Sounds depressing, I know. And this is the major factor in our decision to not to have another child. Even though at times, we thought of adopting a foster child, but at the end we didn’t. It’s because I don’t have the confidence in taking care of a foster child.

Anyway.

Ever since I was diagnosed with this medical condition, I see my life differently. I have seen people who are suffering from cancer and terminal disease, and they are going through a very difficult time in their life. While most of the people in this world are living happily in good health, they are silently mourning at their sufferings.

For my case, my condition can still be controlled with medication and routine blood test. There is no pain, so I can live my life like any other healthy person. I can work, I can eat, I can exercise, and I can travel to anywhere I want.

Most importantly, I realized that the simple joy of being alive, being able to move freely, and being able to live with my loved ones are daily blessings that I should never take for granted.

Still, the only discomfort that I’m experiencing now is nasal crusting. I need to clean my nose regularly with nasal rinse to remove the crusts. If I don’t, the crusts will accumulate and cause nasal congestion, and eventually a massive nose bleed. It really frustrates me to no end sometimes.
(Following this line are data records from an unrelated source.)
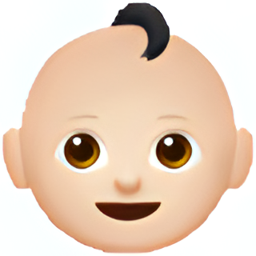
Name: baby
Emoji: 👶🏻
Group: People & Body
Sub-group: person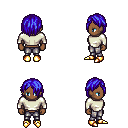
a pixel art fantasy rpg character, female body template, human, dark skin, white long-sleeve shirt, metal pants, blue bangs hairstyle, gold boots, four views (front, back, left, right), 2x2 character sprite sheet, small pixel art, hard edges, no anti-aliasing
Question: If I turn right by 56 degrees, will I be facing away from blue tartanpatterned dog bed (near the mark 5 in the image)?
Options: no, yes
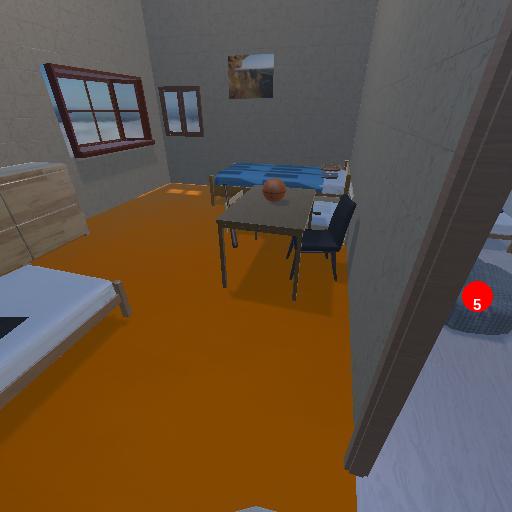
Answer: no
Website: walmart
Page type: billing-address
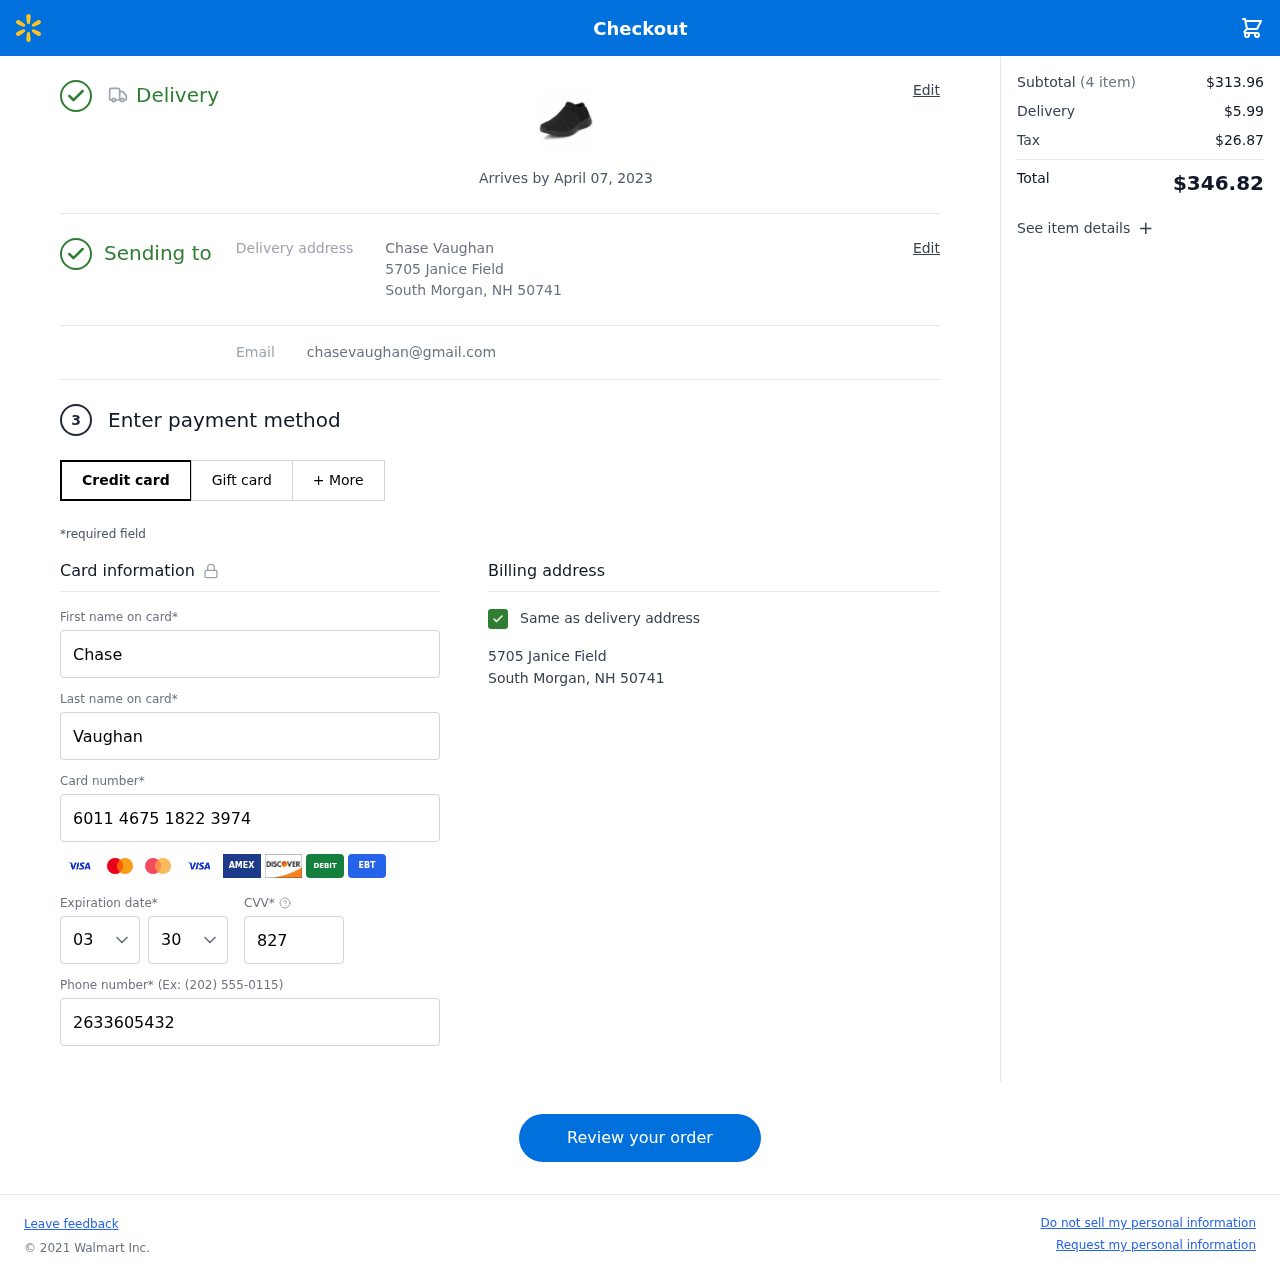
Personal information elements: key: PII_CARD_CVV
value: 827
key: PII_CARD_EXPIRY_MONTH
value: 03
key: PII_CARD_EXPIRY_YEAR
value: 30
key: PII_CARD_NUMBER
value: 6011 4675 1822 3974
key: PII_EMAIL
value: chasevaughan@gmail.com
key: PII_FIRSTNAME
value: Chase
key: PII_FULLNAME
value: Chase Vaughan
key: PII_LASTNAME
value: Vaughan
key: PII_PHONE
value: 2633605432
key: PII_STREET
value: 5705 Janice Field
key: PII_CITY_STATE_ZIP
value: South Morgan, NH 50741
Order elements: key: ORDER_DELIVERY_DATE
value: Arrives by April 07, 2023
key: ORDER_NUM_ITEMS
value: (4 item)
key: ORDER_SUBTOTAL
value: $313.96
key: ORDER_SHIPPING_COST
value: $5.99
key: ORDER_TAX
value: $26.87
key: ORDER_TOTAL
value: $346.82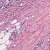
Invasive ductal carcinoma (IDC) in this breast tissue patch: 1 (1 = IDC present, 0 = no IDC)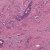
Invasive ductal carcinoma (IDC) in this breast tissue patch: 1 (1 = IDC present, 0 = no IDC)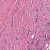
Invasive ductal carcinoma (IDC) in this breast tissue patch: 0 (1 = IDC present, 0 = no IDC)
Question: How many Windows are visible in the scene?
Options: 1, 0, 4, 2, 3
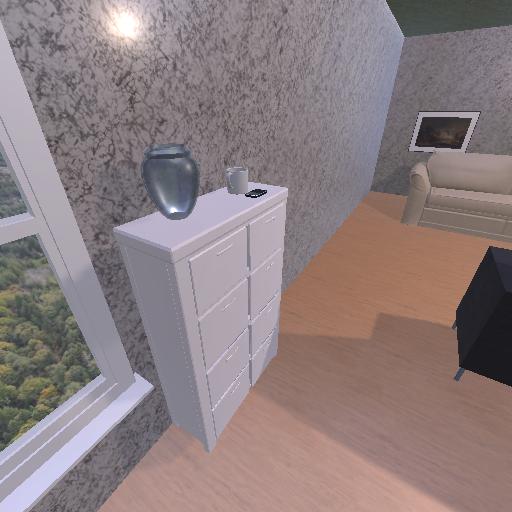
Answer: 1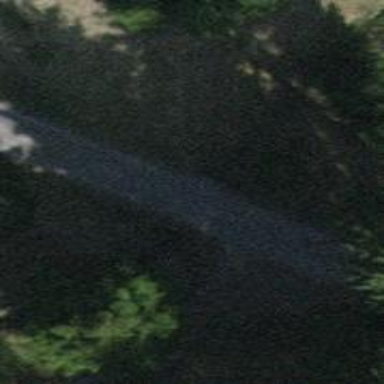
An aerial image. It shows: Culvert tunnel.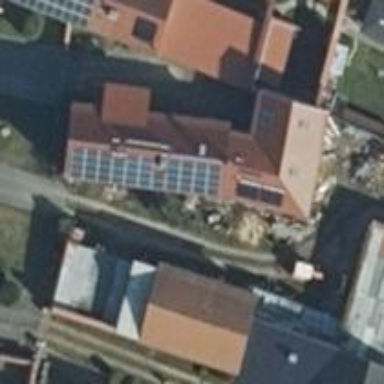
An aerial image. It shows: Solar photovoltaic panel generator producing electricity in small installation.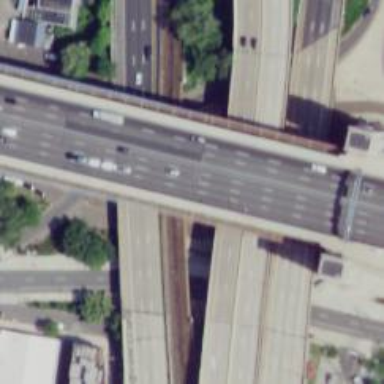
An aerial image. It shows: Bridge with electrified rail.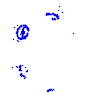
Particle: electron
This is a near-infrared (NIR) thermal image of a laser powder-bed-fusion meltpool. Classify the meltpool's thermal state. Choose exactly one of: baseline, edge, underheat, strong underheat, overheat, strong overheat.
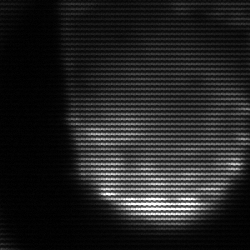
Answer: edge
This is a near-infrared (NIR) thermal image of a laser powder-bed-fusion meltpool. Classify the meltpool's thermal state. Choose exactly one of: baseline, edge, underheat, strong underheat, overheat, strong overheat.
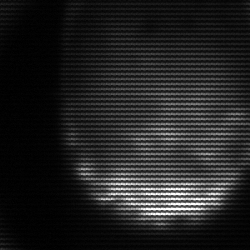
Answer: edge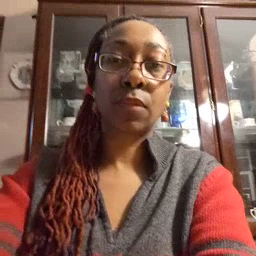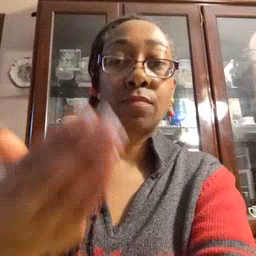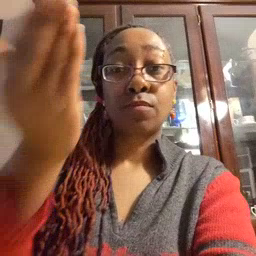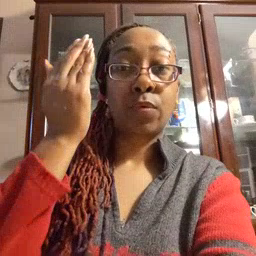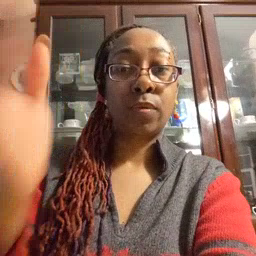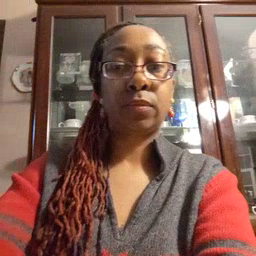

Since Edison is 7 now, we’re well out of diapers, potty training and terrible two or terrible three phase. I’m perfectly happy being a mom to a schooling boy.

We enjoy each other’s company. What I want to do now, in my ability and time, is to continue loving him as much as I can, protect him as fiercely as I can, and take care of him as best as I can.

And lastly, I’ve learnt not to be affected by people’s unkind comments anymore.